Когда-то, еще будучи студентом пятого семестра, я украл пятнадцать рублей из доверенных мне товарищеских денег, сказал, что кассир ошибся в счете, и все мне поверили. Это было больше чем простая кража, когда нуждающийся крадет у богатого: тут и нарушенное доверие, и отнятие денег именно у голодного, да еще товарища, да еще студента, и притом человеком со средствами (почему мне и поверили). Вам, вероятно, этот поступок кажется более противным, чем даже совершенное мною убийство друга, — не так ли? А мне, помню, было весело, что я сумел это сделать так хорошо и ловко, и я смотрел в глаза, прямо в глаза тем, кому смело и свободно лгал. Глаза у меня черные, красивые, прямые, — и им верили. Но более всего я был горд тем, что совершенно не испытываю угрызений совести, что мне и нужно было самому себе доказать. И до настоящего дня я с особенным удовольствием вспоминаю menu ненужно роскошного обеда, который я задал себе на украденные деньги и с аппетитом съел.

И разве теперь я испытываю угрызения совести? Раскаяние в содеянном? Ничуть.

Мне тяжело. Мне безумно тяжело, как ни одному в мире человеку, и волосы мои седеют, — но это другое. Другое. Страшное, неожиданное, невероятное в своей ужасной простоте.

Лист второй

Моя задача была такова. Нужно, чтобы я убил Алексея; нужно, чтобы Татьяна Николаевна видела, что это именно я убил ее мужа, и чтобы вместе с тем законная кара не коснулась меня.
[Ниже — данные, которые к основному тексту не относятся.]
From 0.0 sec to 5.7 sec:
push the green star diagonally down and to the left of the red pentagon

Не говоря уже о том, что наказание дало бы Татьяне Николаевне лишний повод посмеяться, я вообще совершенно не хотел каторги. Я очень люблю жизнь.
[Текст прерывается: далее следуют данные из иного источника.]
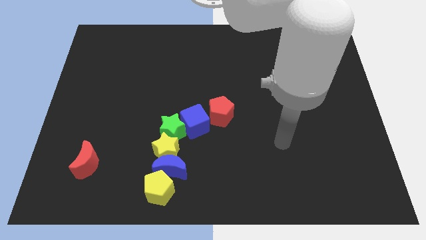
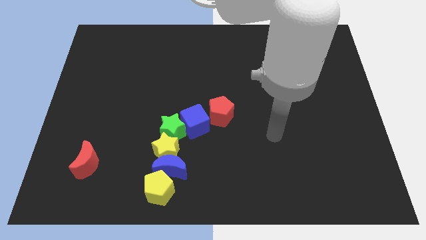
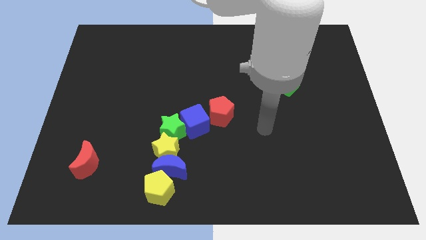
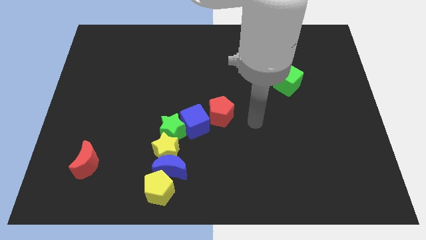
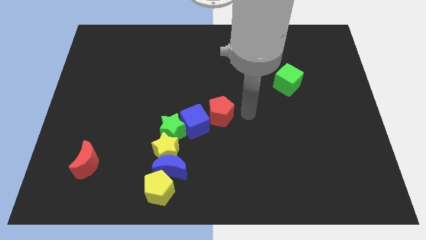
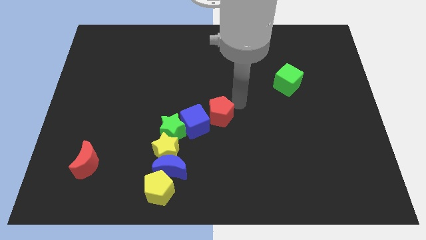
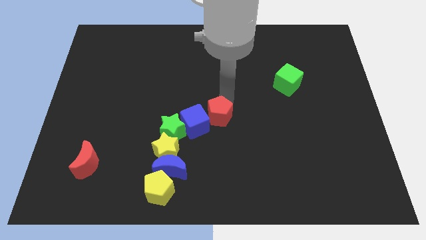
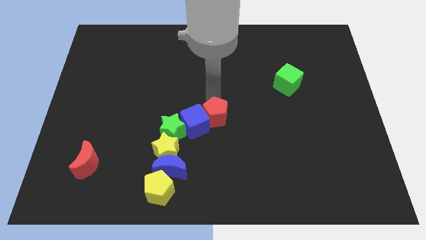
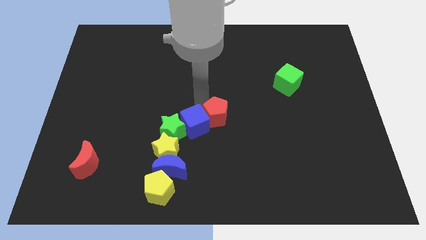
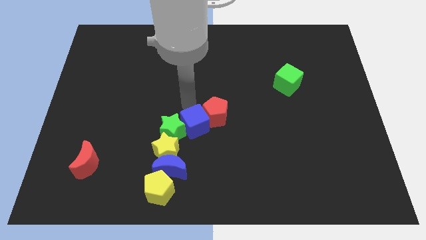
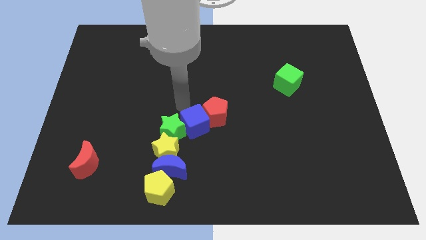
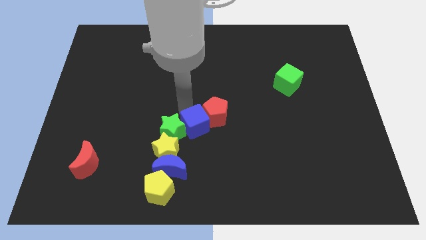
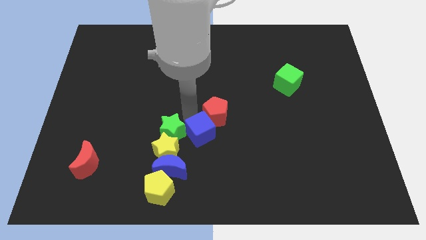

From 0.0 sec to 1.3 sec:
slide the blue cube below the red pentagon

Я люблю, когда в тонком стакане играет золотистое вино; я люблю, усталый, протянуться в чистой постели; мне нравится весной дышать чистым воздухом, видеть красивый закат, читать интересные и умные книги. Я люблю себя, силу своих мышц, силу своей мысли, ясной и точной. Я люблю то, что я одинок и ни один любопытный взгляд не проник в глубину моей души с ее темными провалами и безднами, на краю которых кружится голова. Никогда я не понимал и не знал того, что люди называют скукою жизни. Жизнь интересна, и я люблю ее за ту великую тайну, что в ней заключена, я люблю ее даже за ее жестокости, за свирепую мстительность и сатанински веселую игру людьми и событиями.
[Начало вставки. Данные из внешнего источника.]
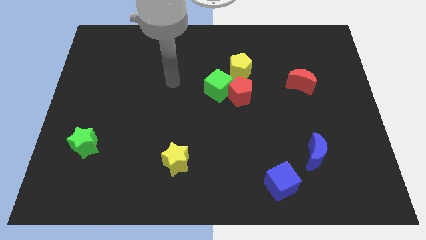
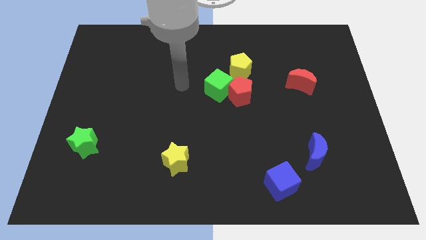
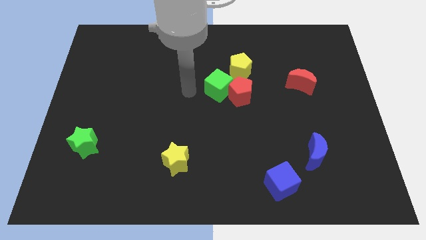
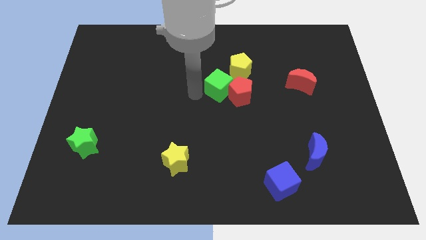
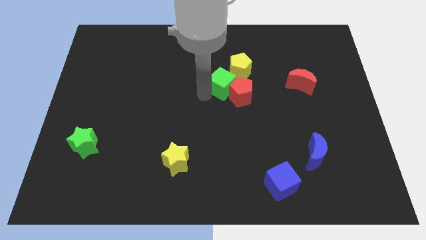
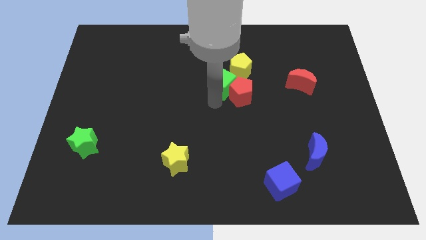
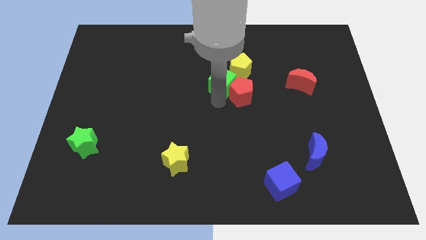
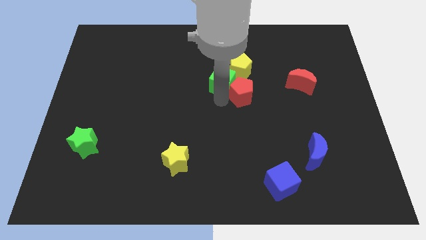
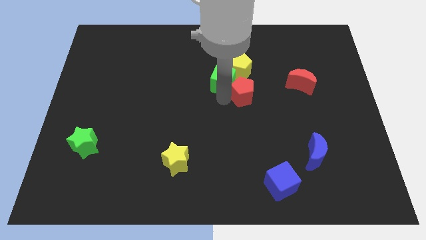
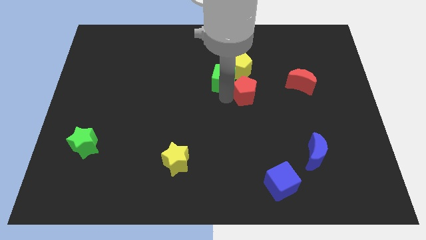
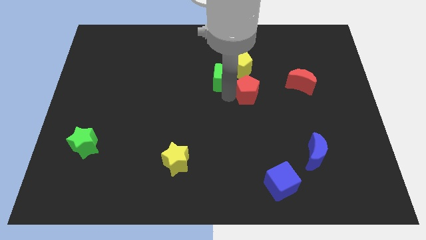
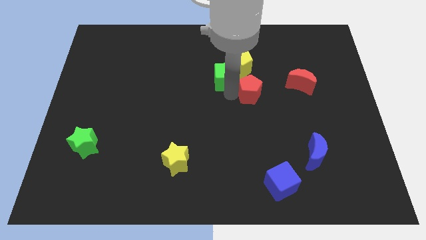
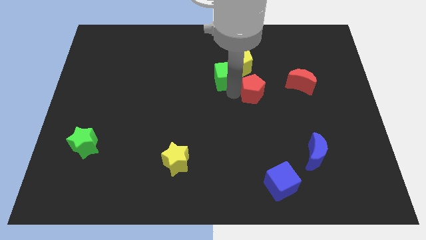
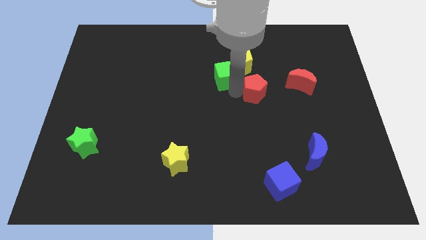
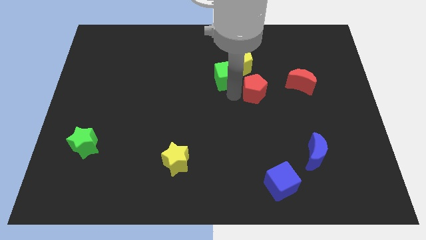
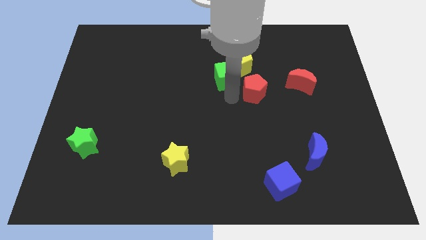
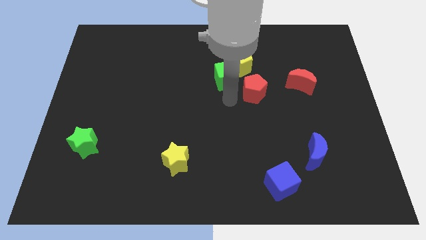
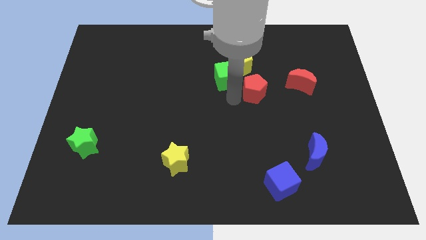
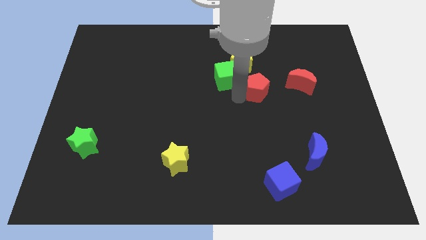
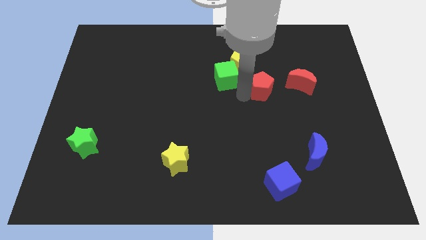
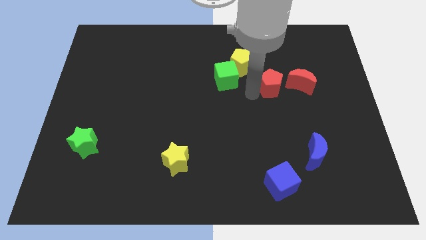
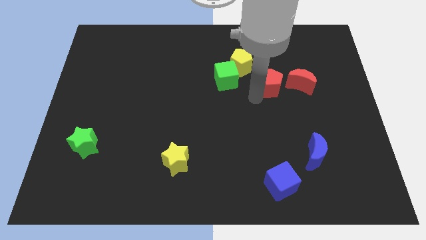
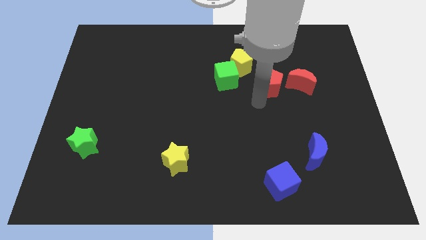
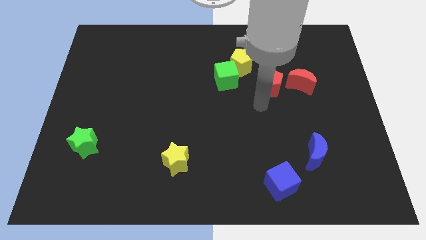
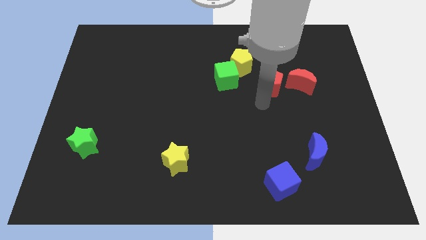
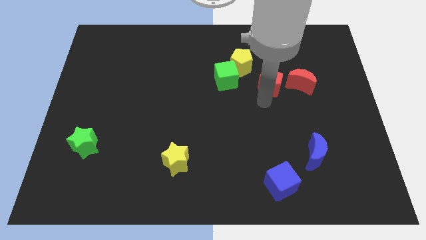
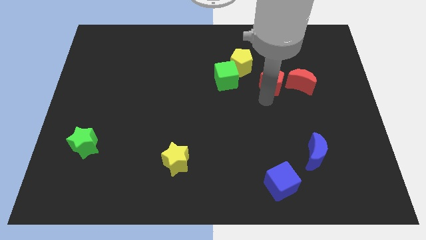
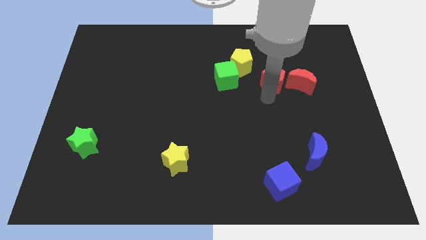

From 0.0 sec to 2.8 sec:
put the red pentagon to the top left of the red moon

Я был единственный человек, которого я уважал, — как же мог я рисковать отправить этого человека в каторгу, где его лишат возможности вести необходимое ему разнообразное, полное и глубокое существование!.. Да и с вашей точки зрения я был прав, желая уклониться от каторги. Я очень удачно врачую; не нуждаясь в средствах, я лечу много бедняков. Я полезен. Наверное, полезнее, чем убитый Савелов.

И безнаказанности можно было добиться легко. Существуют тысячи способов незаметно убить человека, и мне, как врачу, было особенно легко прибегнуть к одному из них. И среди придуманных мною и отброшенных планов долгое время занимал меня такой: привить Алексею неизлечимую и отвратительную болезнь. Но неудобства этого плана были очевидны: длительные страдания для самого объекта, нечто некрасивое во всем этом, глубокое и как-то слишком уж… неумное; и наконец, и в болезни мужа Татьяна Николаевна нашла бы для себя радость. Особенно осложнялась моя задача обязательным требованием, чтобы Татьяна Николаевна знала руку, поразившую ее мужа. Но только трусы боятся препятствий: таких, как я, они привлекают.